◆ Problem to solve: Each entry below should be given again exactly; the pictures stay out.

Stored data

====

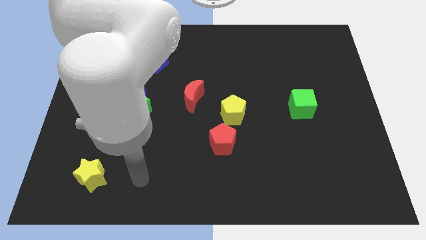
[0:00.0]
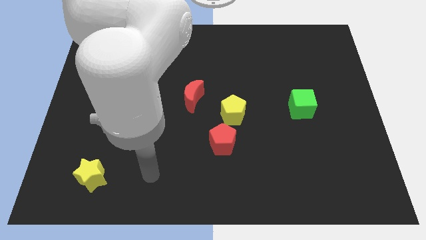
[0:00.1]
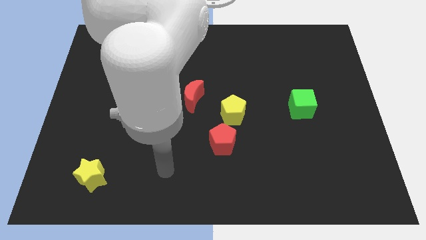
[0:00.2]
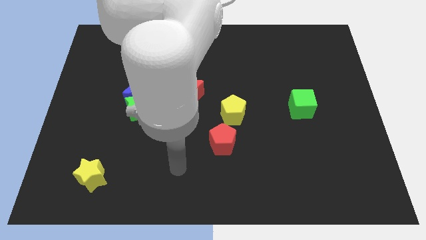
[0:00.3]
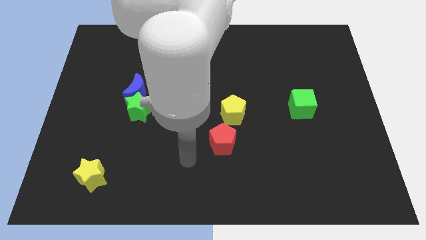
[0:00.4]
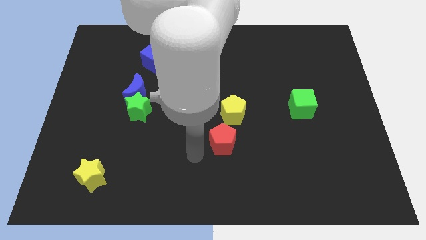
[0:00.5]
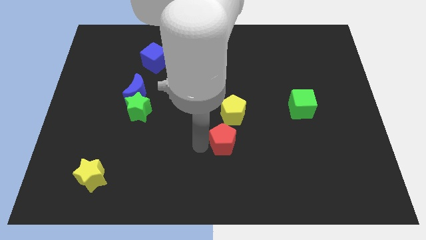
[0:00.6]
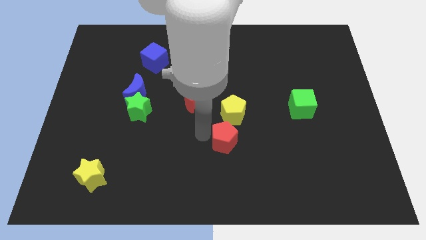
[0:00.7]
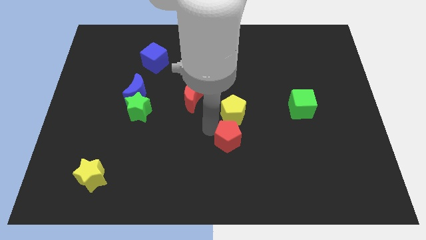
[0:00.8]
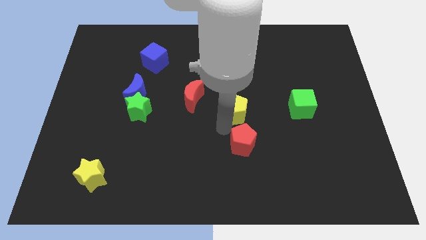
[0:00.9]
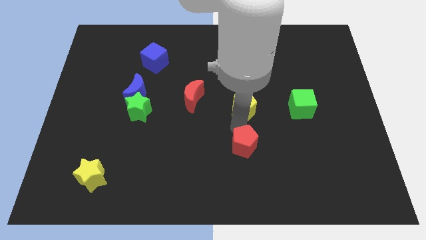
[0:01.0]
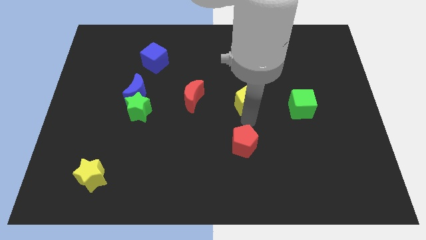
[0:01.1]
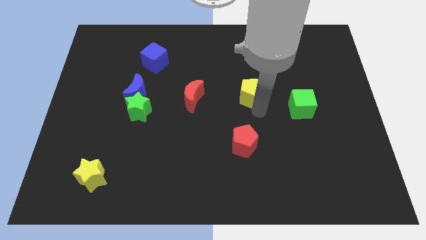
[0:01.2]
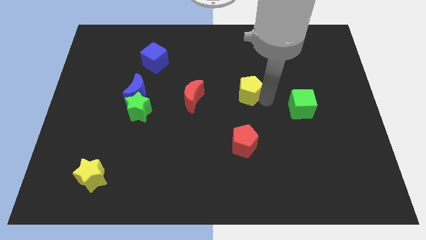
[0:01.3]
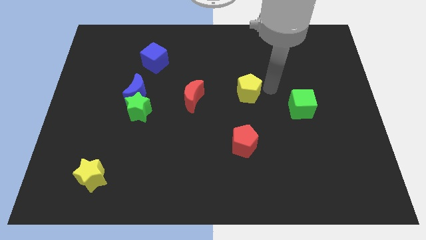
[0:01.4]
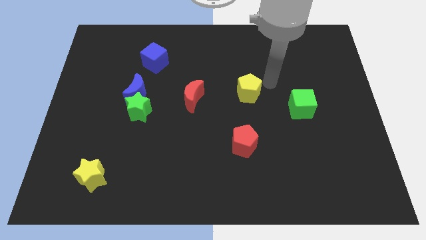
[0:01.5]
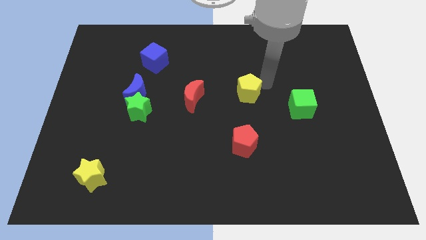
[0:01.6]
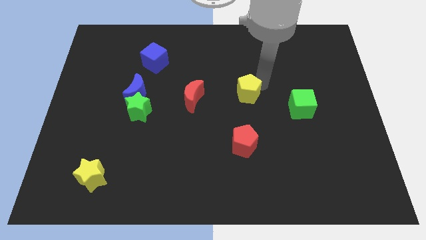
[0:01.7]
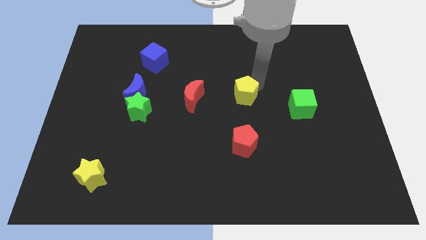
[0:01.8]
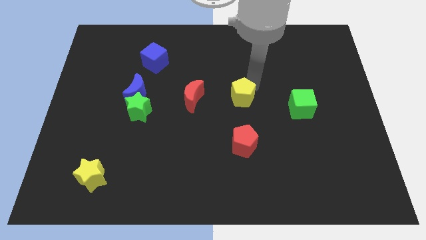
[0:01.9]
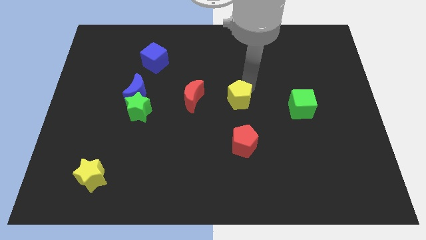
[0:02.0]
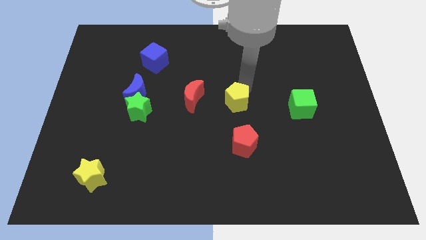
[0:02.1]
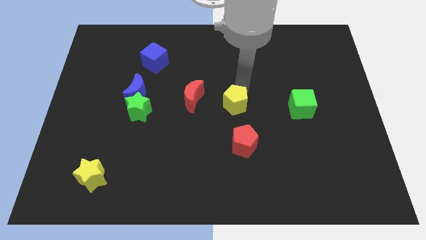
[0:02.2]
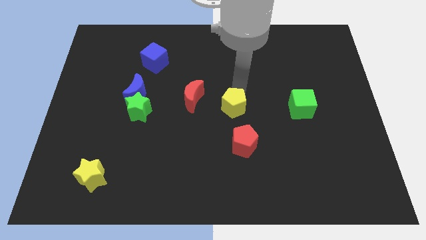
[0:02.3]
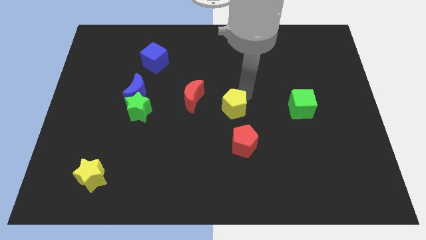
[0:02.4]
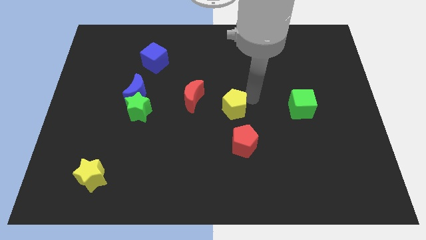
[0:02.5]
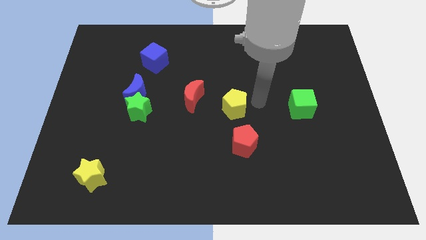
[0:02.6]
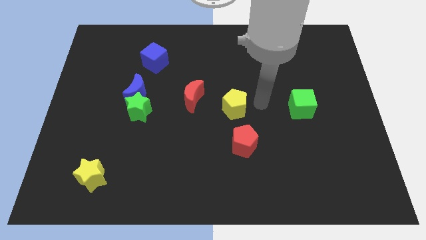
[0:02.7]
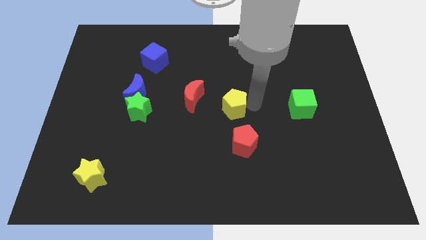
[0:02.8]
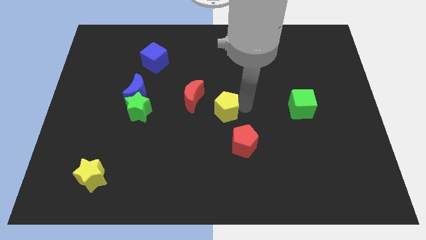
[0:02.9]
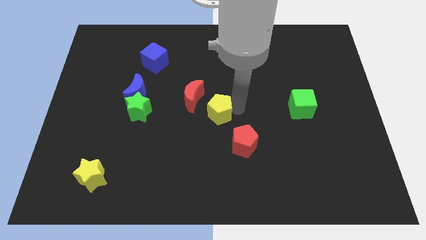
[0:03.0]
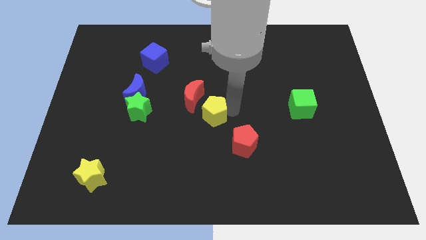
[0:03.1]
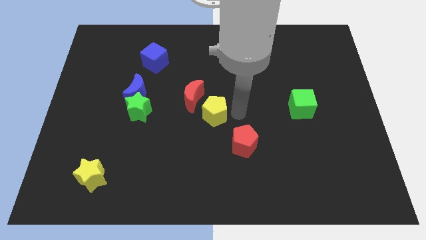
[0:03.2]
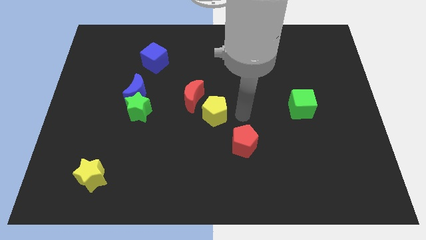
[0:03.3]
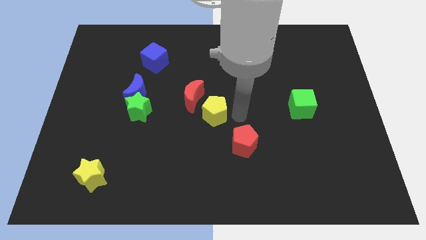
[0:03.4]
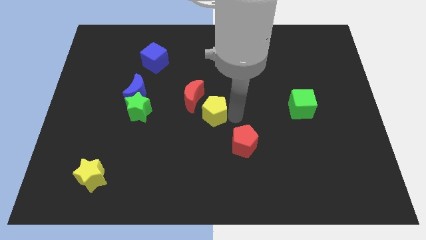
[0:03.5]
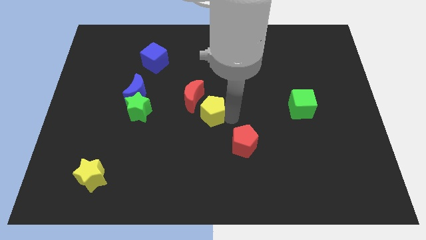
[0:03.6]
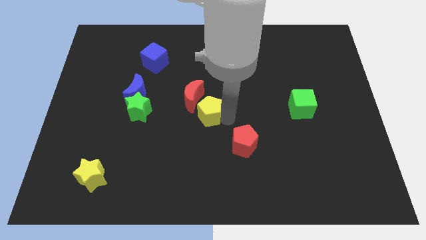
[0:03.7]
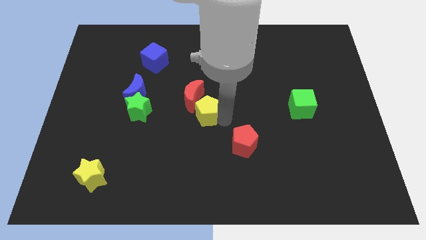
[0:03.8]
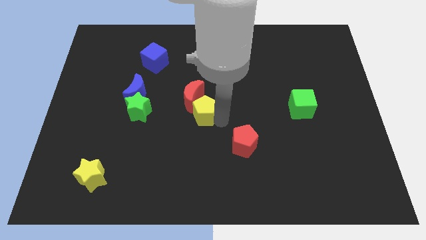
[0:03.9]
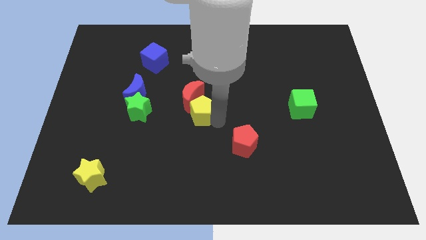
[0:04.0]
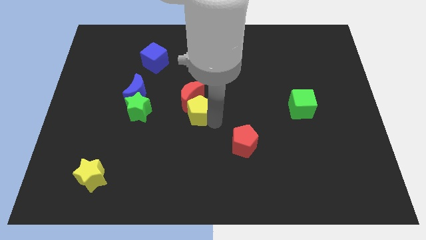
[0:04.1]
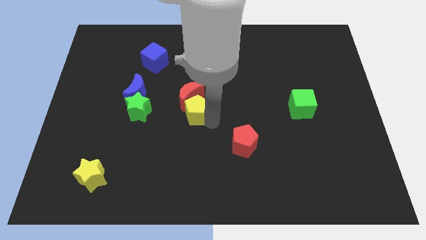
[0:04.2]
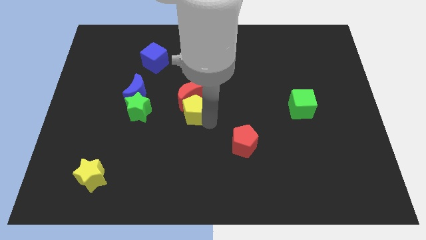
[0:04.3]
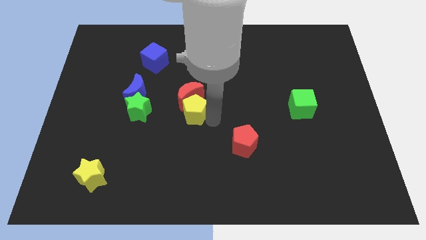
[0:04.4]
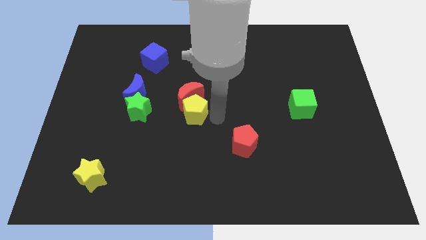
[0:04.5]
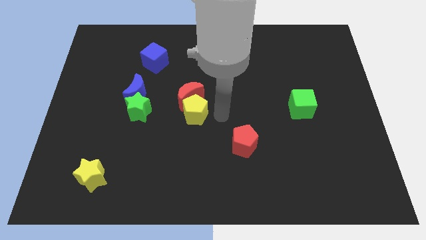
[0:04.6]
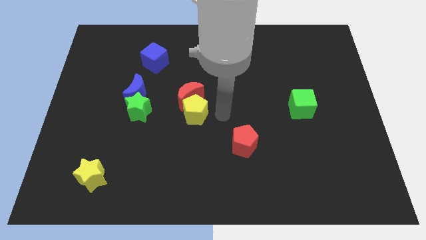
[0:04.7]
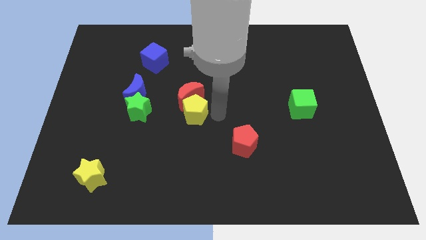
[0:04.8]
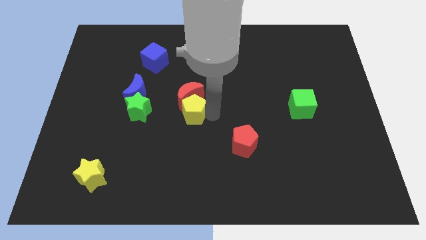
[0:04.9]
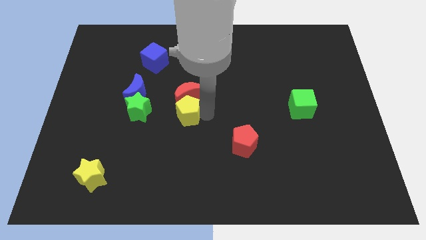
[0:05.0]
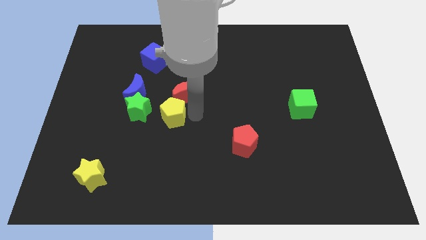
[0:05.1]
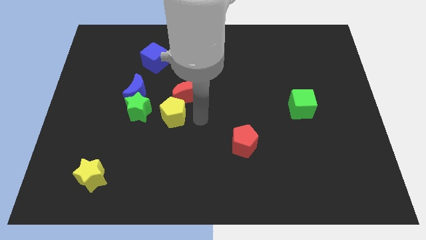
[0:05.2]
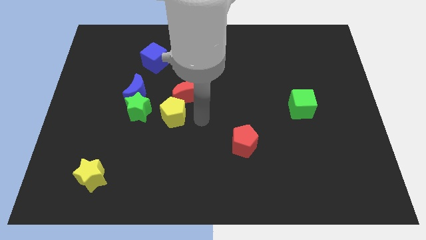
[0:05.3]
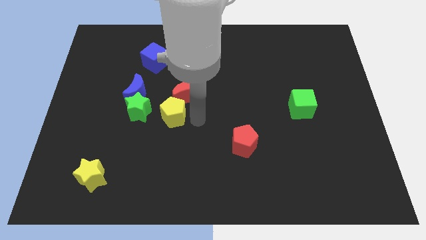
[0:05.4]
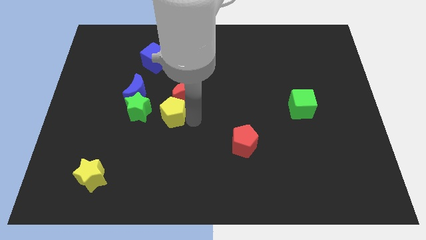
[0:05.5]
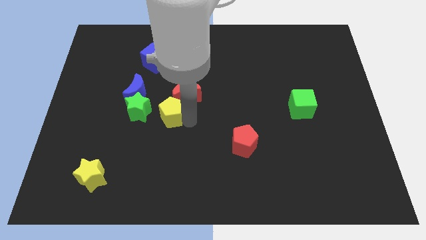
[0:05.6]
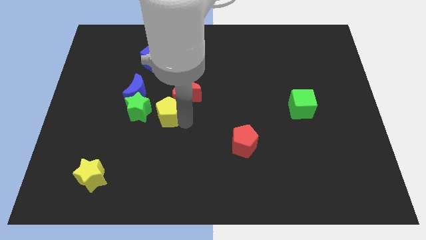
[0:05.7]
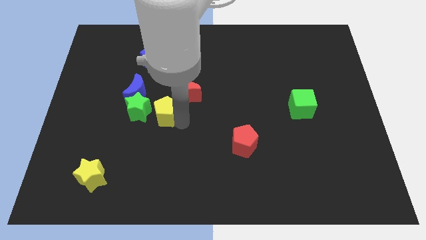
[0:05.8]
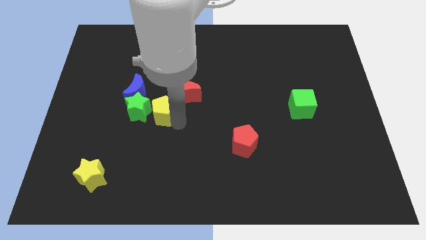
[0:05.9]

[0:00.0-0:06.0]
move the yellow pentagon next to the green star

====

◆ Response:
[0:00.0]
[0:00.1]
[0:00.2]
[0:00.3]
[0:00.4]
[0:00.5]
[0:00.6]
[0:00.7]
[0:00.8]
[0:00.9]
[0:01.0]
[0:01.1]
[0:01.2]
[0:01.3]
[0:01.4]
[0:01.5]
[0:01.6]
[0:01.7]
[0:01.8]
[0:01.9]
[0:02.0]
[0:02.1]
[0:02.2]
[0:02.3]
[0:02.4]
[0:02.5]
[0:02.6]
[0:02.7]
[0:02.8]
[0:02.9]
[0:03.0]
[0:03.1]
[0:03.2]
[0:03.3]
[0:03.4]
[0:03.5]
[0:03.6]
[0:03.7]
[0:03.8]
[0:03.9]
[0:04.0]
[0:04.1]
[0:04.2]
[0:04.3]
[0:04.4]
[0:04.5]
[0:04.6]
[0:04.7]
[0:04.8]
[0:04.9]
[0:05.0]
[0:05.1]
[0:05.2]
[0:05.3]
[0:05.4]
[0:05.5]
[0:05.6]
[0:05.7]
[0:05.8]
[0:05.9]

[0:00.0-0:06.0]
move the yellow pentagon next to the green star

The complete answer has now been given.